_Aim of the task_
Give back all of the data exactly as it stands, with the pictures removed.
*** Given entries
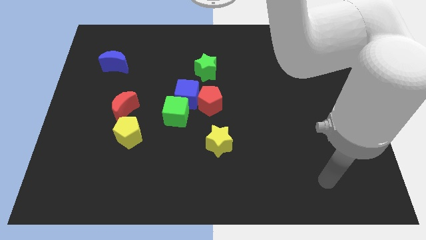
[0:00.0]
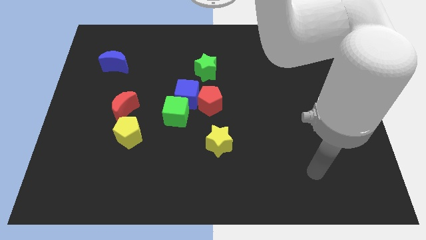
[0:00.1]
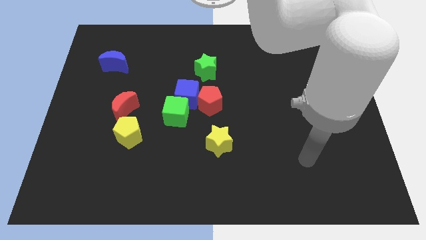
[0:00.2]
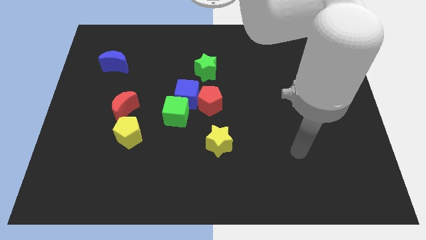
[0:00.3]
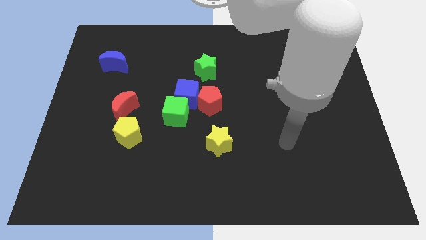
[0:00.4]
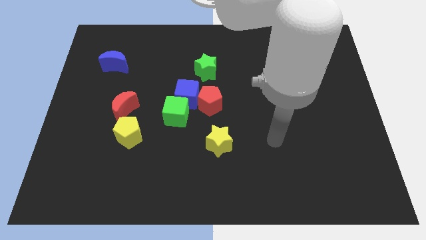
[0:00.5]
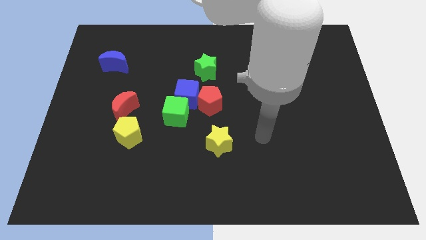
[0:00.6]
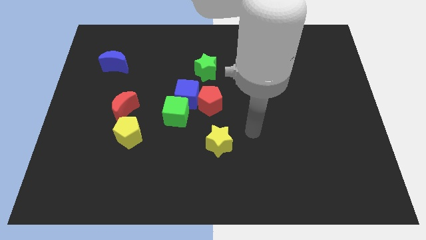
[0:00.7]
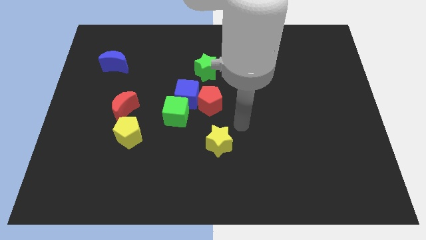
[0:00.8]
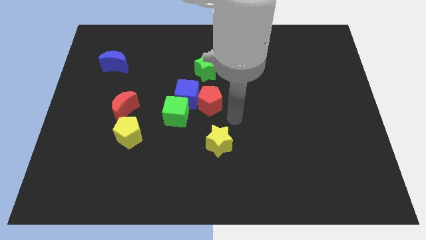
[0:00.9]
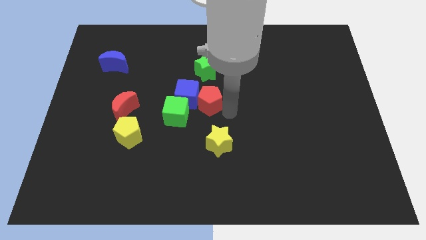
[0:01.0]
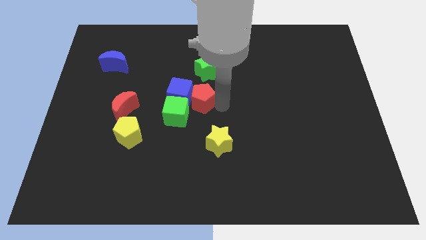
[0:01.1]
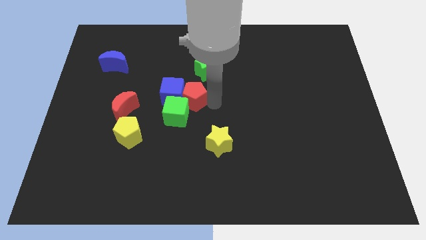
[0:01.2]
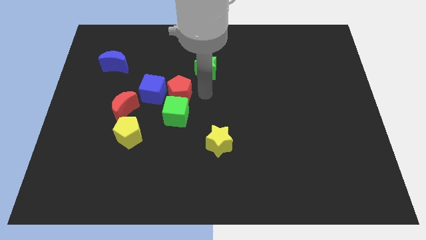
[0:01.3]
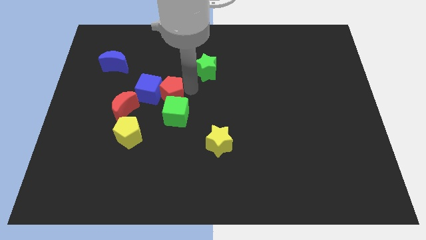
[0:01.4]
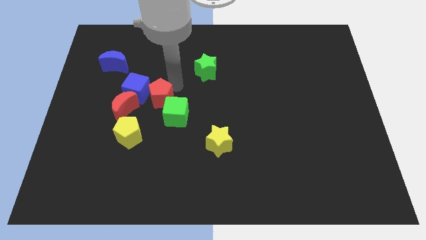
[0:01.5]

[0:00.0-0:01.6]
separate the blue cube from the green cube, red pentagon, and green star
******
_Solution to this exercise_
[0:00.0]
[0:00.1]
[0:00.2]
[0:00.3]
[0:00.4]
[0:00.5]
[0:00.6]
[0:00.7]
[0:00.8]
[0:00.9]
[0:01.0]
[0:01.1]
[0:01.2]
[0:01.3]
[0:01.4]
[0:01.5]

[0:00.0-0:01.6]
separate the blue cube from the green cube, red pentagon, and green star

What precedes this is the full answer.